The PTC effect of barium titanate semiconducting porcelain is caused by grain boundaries (grain boundaries). Regarding conductive electrons, the intergranular interface is commensurate with a barrier. When the temperature is low, the resistance value is small due to the inductance of the electric field in the barium titanate, which causes the electron to easily cross the barrier. When the temperature rises up to the Curie point temperature (ie, the critical temperature), the internal electric field is damaged, and it can't help the conductive electrons to cross the barrier. This is commensurate with the rise of the barrier, the increase in the resistance value, and the PTC effect. The physical model of the PTC effect of barium titanate semiconducting porcelain is the sea-surface surface barrier mode, the annihilation mode of the Daniels et al. and the superimposed barrier mode. They have made reasonable comments on the PTC effect from different aspects.
Tests have shown that the resistance-temperature personality of the PTC thermistor can be communicated in the temperature range. The test formula indicates:
RT=RT0expBp(T-T0)
In the formula, the flashing temperature of RT and RT0 is the resistance value at T and T0, and Bp is the raw material constant of the raw material.
The PTC effect begins with the essence of the precipitated phase between the grain boundary and the grain boundary of the ceramic, and is significantly replaced with the type of impurity, concentration, sintering premise, and the like. Recently, a practical temperature-sensitive resistor has a silicon temperature slow component for operating a silicon wafer, which is a highly accurate PTC thermistor. It consists of n-type silicon, and the electron scattering due to the onset of impurities increases as the temperature rises, so that the resistance increases.
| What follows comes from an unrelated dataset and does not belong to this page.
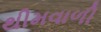
થીમવાળી
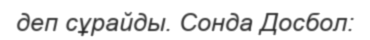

The PTC thermistor was presented in 1950, and in 1954, a PTC thermistor with barium titanate as the primary material was presented. The PTC thermistor can be used as a temperature measurement in the production, as well as in the temperature detection and adjustment of a certain part of the car, and also used in civilian equipment. For example, the water temperature of the instant water heater, the temperature of the air conditioner and the cold storage, and the operation of the person to heat the gas to analyze the large wind speed machine. The following is an example of the use of heating and overheating of heaters, motors, transformers, high-power transistors and other electrical appliances.
In addition to being used as a heating element, the PTC thermistor can also act as a "switch", with three elements of slow component, heater and switch, called "thermal switch", as shown in Figures 2 and 3. Shown. After the current is turned on, the temperature rises, that is, the temperature of the heating element rises. When the temperature exceeds the Curie point, the resistance increases, thereby limiting the current increase. The decrease in current causes the component temperature to drop, the decrease in the resistance value causes the circuit current to increase, the component temperature rises, and the cycle is repeated, so that the efficiency of the temperature is maintained in a specific range, and the switching inductance is also exhibited. The operation of this temperature-reducing personality is made into a heating source, and as a heating element, there are a heater, an electric iron, a drying wardrobe, an air conditioner, etc., and the electric appliance can be overheated.